**Task requirements:** Copy from the first line below down to and including the line with "FILE_DESCRIPTION(/* description */". Skip the pictures.
Data for the task below:
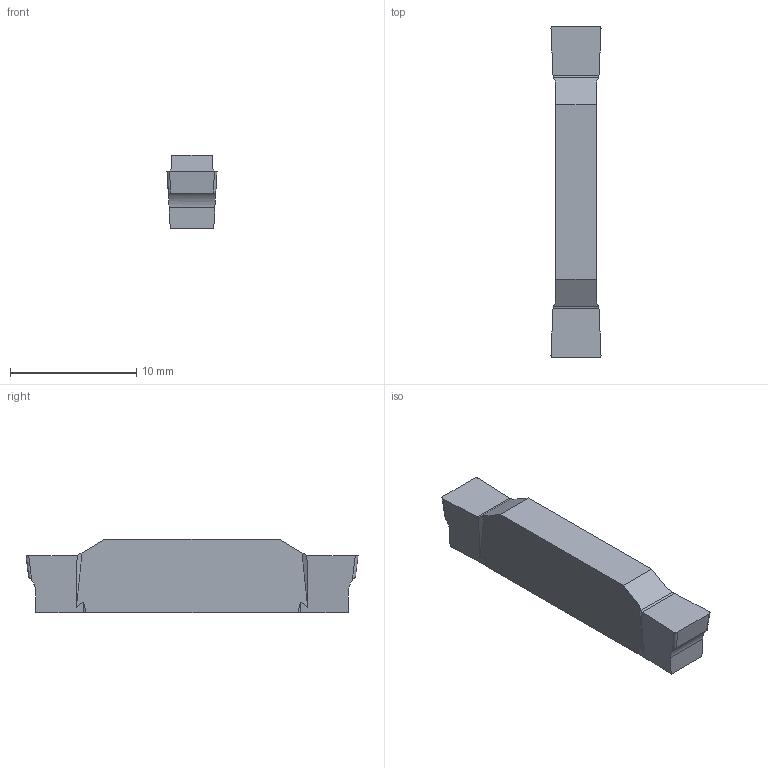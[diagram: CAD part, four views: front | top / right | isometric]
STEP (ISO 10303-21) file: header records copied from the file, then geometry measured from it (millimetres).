
FILE_DESCRIPTION(/* description */ (''),/* implementation_level */ '2;1');
FILE_NAME(/* name */ 'CUT_1.STP',/* time_stamp */ '2024-01-03T09:57:57+01:00',/* author */ (''),/* organization */ ('SMS'),/* preprocessor_version */ 'ST-DEVELOPER v16.7',/* originating_system */ 'SIEMENS PLM Software NX 12.0',/* authorisation */ '');
FILE_SCHEMA (('AUTOMOTIVE_DESIGN { 1 0 10303 214 3 1 1 1 }'));
Length unit declared in the file: millimetre
Products named in the file (1): CUT_1
Bounding box: 3.96 x 26.26 x 5.79 mm (x, y, z)
Volume: 442.2 mm3; surface area: 474.7 mm2
Topology: 1 solids, 1 shells, 32 faces, 91 edges, 63 vertices
Faces by surface type: plane 20, bspline 8, cylinder 2, extrusion 2
Entity records: 1377 total; most frequent: CARTESIAN_POINT 596, ORIENTED_EDGE 180, DIRECTION 110, EDGE_CURVE 90, VERTEX_POINT 60, VECTOR 52, LINE 50, ADVANCED_FACE 32
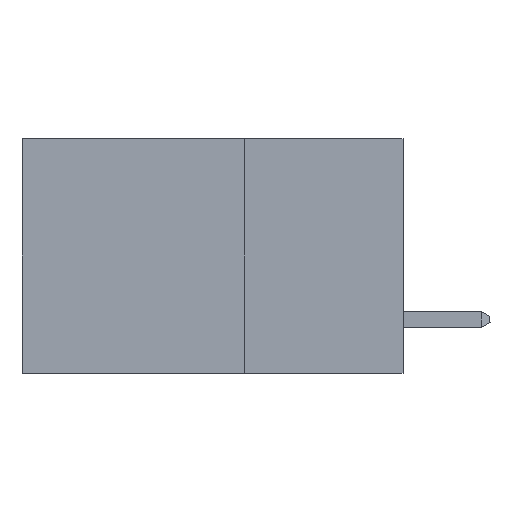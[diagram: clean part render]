
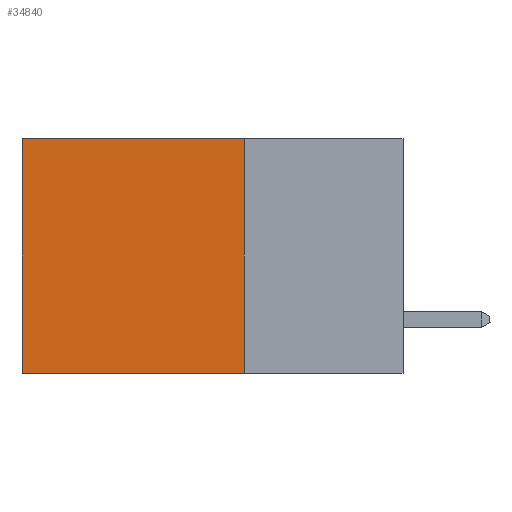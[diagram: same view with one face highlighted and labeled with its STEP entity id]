
A CAD part, left-side view. The second image highlights one B-rep face of the part: STEP entity #34840.
In plain terms, the highlighted planar face has unit normal (-1, 0, 0).
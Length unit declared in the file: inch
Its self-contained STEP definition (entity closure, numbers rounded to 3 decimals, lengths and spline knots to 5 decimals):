
#1238 = CARTESIAN_POINT ( 'NONE',  ( 0.2875, 0.6, -0.37 ) ) ;
#2657 = DIRECTION ( 'NONE',  ( 0., 1., 0. ) ) ;
#6483 = ORIENTED_EDGE ( 'NONE', *, *, #18008, .F. ) ;
#8017 = VERTEX_POINT ( 'NONE', #1238 ) ;
#8104 = VECTOR ( 'NONE', #8336, 39.37008 ) ;
#8336 = DIRECTION ( 'NONE',  ( 0., 0., -1. ) ) ;
#13108 = EDGE_LOOP ( 'NONE', ( #39724, #6483, #13447, #24619 ) ) ;
#13447 = ORIENTED_EDGE ( 'NONE', *, *, #36042, .F. ) ;
#14727 = DIRECTION ( 'NONE',  ( 0., 0., -1. ) ) ;
#15202 = CARTESIAN_POINT ( 'NONE',  ( 0.2875, 0.6, 0. ) ) ;
#16233 = CARTESIAN_POINT ( 'NONE',  ( 0.2875, 0.25, 0. ) ) ;
#18008 = EDGE_CURVE ( 'NONE', #38183, #8017, #29715, .T. ) ;
#18111 = LINE ( 'NONE', #45443, #23511 ) ;
#18485 = DIRECTION ( 'NONE',  ( 0., 1., 0. ) ) ;
#18919 = VERTEX_POINT ( 'NONE', #32348 ) ;
#20601 = VECTOR ( 'NONE', #18485, 39.37008 ) ;
#22114 = CARTESIAN_POINT ( 'NONE',  ( 0.2875, 0.25, -0.37 ) ) ;
#22118 = FACE_OUTER_BOUND ( 'NONE', #13108, .T. ) ;
#22312 = CARTESIAN_POINT ( 'NONE',  ( 0.2875, 0.25, 0. ) ) ;
#23511 = VECTOR ( 'NONE', #34056, 39.37008 ) ;
#24619 = ORIENTED_EDGE ( 'NONE', *, *, #25238, .T. ) ;
#25238 = EDGE_CURVE ( 'NONE', #18919, #38421, #32155, .T. ) ;
#26620 = AXIS2_PLACEMENT_3D ( 'NONE', #22312, #37875, #14727 ) ;
#26812 = LINE ( 'NONE', #16233, #8104 ) ;
#27137 = EDGE_CURVE ( 'NONE', #38421, #8017, #18111, .T. ) ;
#29715 = LINE ( 'NONE', #49634, #20601 ) ;
#32155 = LINE ( 'NONE', #45428, #41850 ) ;
#32348 = CARTESIAN_POINT ( 'NONE',  ( 0.2875, 0.25, 0. ) ) ;
#34056 = DIRECTION ( 'NONE',  ( 0., 0., -1. ) ) ;
#34840 = ADVANCED_FACE ( 'NONE', ( #22118 ), #49427, .F. ) ;
#36042 = EDGE_CURVE ( 'NONE', #18919, #38183, #26812, .T. ) ;
#37875 = DIRECTION ( 'NONE',  ( 1., 0., 0. ) ) ;
#38183 = VERTEX_POINT ( 'NONE', #22114 ) ;
#38421 = VERTEX_POINT ( 'NONE', #15202 ) ;
#39724 = ORIENTED_EDGE ( 'NONE', *, *, #27137, .T. ) ;
#41850 = VECTOR ( 'NONE', #2657, 39.37008 ) ;
#45428 = CARTESIAN_POINT ( 'NONE',  ( 0.2875, 0.25, 0. ) ) ;
#45443 = CARTESIAN_POINT ( 'NONE',  ( 0.2875, 0.6, 0. ) ) ;
#49427 = PLANE ( 'NONE',  #26620 ) ;
#49634 = CARTESIAN_POINT ( 'NONE',  ( 0.2875, 0.25, -0.37 ) ) ;
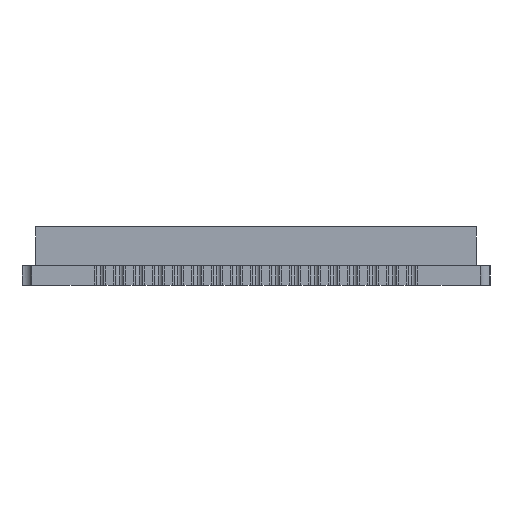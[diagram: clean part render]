
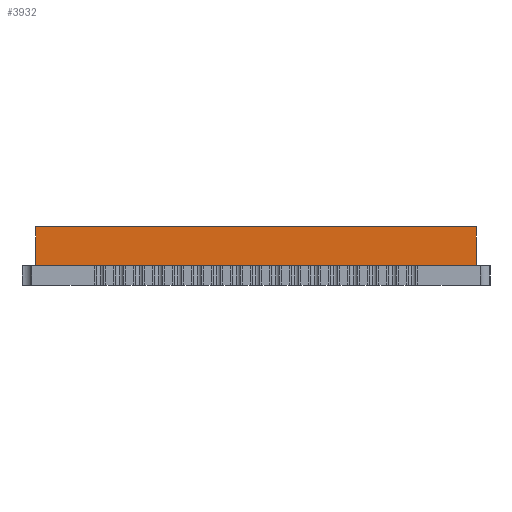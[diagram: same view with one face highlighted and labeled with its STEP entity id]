
A CAD part, left-side view. The second image highlights one B-rep face of the part: STEP entity #3932.
In plain terms, the highlighted planar face has unit normal (-1, 0, 0).
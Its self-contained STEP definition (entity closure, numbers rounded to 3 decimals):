
#429 = DIRECTION ( 'NONE',  ( 0., 0., -1. ) ) ;
#2098 = CARTESIAN_POINT ( 'NONE',  ( -11.22, -3.765, 1. ) ) ;
#2955 = LINE ( 'NONE', #5193, #25784 ) ;
#3421 = EDGE_CURVE ( 'NONE', #7781, #17620, #6878, .T. ) ;
#3467 = DIRECTION ( 'NONE',  ( 1., 0., 0. ) ) ;
#3932 = ADVANCED_FACE ( 'NONE', ( #20374 ), #13806, .F. ) ;
#5193 = CARTESIAN_POINT ( 'NONE',  ( -11.22, 11.295, 3. ) ) ;
#5323 = VERTEX_POINT ( 'NONE', #22160 ) ;
#5668 = ORIENTED_EDGE ( 'NONE', *, *, #24900, .F. ) ;
#5681 = EDGE_CURVE ( 'NONE', #5323, #7950, #6680, .T. ) ;
#6437 = ORIENTED_EDGE ( 'NONE', *, *, #14757, .F. ) ;
#6680 = LINE ( 'NONE', #19981, #23626 ) ;
#6878 = LINE ( 'NONE', #18080, #18622 ) ;
#7436 = CARTESIAN_POINT ( 'NONE',  ( -11.22, 11.295, 3. ) ) ;
#7781 = VERTEX_POINT ( 'NONE', #16749 ) ;
#7950 = VERTEX_POINT ( 'NONE', #23922 ) ;
#8869 = CARTESIAN_POINT ( 'NONE',  ( -11.22, 11.295, 1. ) ) ;
#10335 = B_SPLINE_CURVE_WITH_KNOTS ( 'NONE', 3,
 ( #19865, #2098, #22126, #8869 ),
 .UNSPECIFIED., .F., .F.,
 ( 4, 4 ),
 ( 0., 1. ),
 .UNSPECIFIED. ) ;
#10636 = CARTESIAN_POINT ( 'NONE',  ( -11.22, -11.295, 1. ) ) ;
#13806 = PLANE ( 'NONE',  #23097 ) ;
#14757 = EDGE_CURVE ( 'NONE', #7950, #7781, #2955, .T. ) ;
#15120 = EDGE_LOOP ( 'NONE', ( #28137, #6437, #27603, #5668 ) ) ;
#16062 = DIRECTION ( 'NONE',  ( 0., 0., 1. ) ) ;
#16749 = CARTESIAN_POINT ( 'NONE',  ( -11.22, -11.295, 3. ) ) ;
#17620 = VERTEX_POINT ( 'NONE', #10636 ) ;
#18080 = CARTESIAN_POINT ( 'NONE',  ( -11.22, -11.295, 3. ) ) ;
#18622 = VECTOR ( 'NONE', #429, 1000. ) ;
#19865 = CARTESIAN_POINT ( 'NONE',  ( -11.22, -11.295, 1. ) ) ;
#19981 = CARTESIAN_POINT ( 'NONE',  ( -11.22, 11.295, 3. ) ) ;
#20374 = FACE_OUTER_BOUND ( 'NONE', #15120, .T. ) ;
#20591 = DIRECTION ( 'NONE',  ( 0., 1., 0. ) ) ;
#22126 = CARTESIAN_POINT ( 'NONE',  ( -11.22, 3.765, 1. ) ) ;
#22160 = CARTESIAN_POINT ( 'NONE',  ( -11.22, 11.295, 1. ) ) ;
#22911 = DIRECTION ( 'NONE',  ( 0., -1., 0. ) ) ;
#23097 = AXIS2_PLACEMENT_3D ( 'NONE', #7436, #3467, #20591 ) ;
#23626 = VECTOR ( 'NONE', #16062, 1000. ) ;
#23922 = CARTESIAN_POINT ( 'NONE',  ( -11.22, 11.295, 3. ) ) ;
#24900 = EDGE_CURVE ( 'NONE', #17620, #5323, #10335, .T. ) ;
#25784 = VECTOR ( 'NONE', #22911, 1000. ) ;
#27603 = ORIENTED_EDGE ( 'NONE', *, *, #5681, .F. ) ;
#28137 = ORIENTED_EDGE ( 'NONE', *, *, #3421, .F. ) ;
End of Data for the task.
**Task answer:**
[diagram: CAD part, four views: front | top / right | isometric]
STEP (ISO 10303-21) file: header records copied from the file, then geometry measured from it (millimetres).
FILE_DESCRIPTION(/* description */ (''),/* implementation_level */ '2;1');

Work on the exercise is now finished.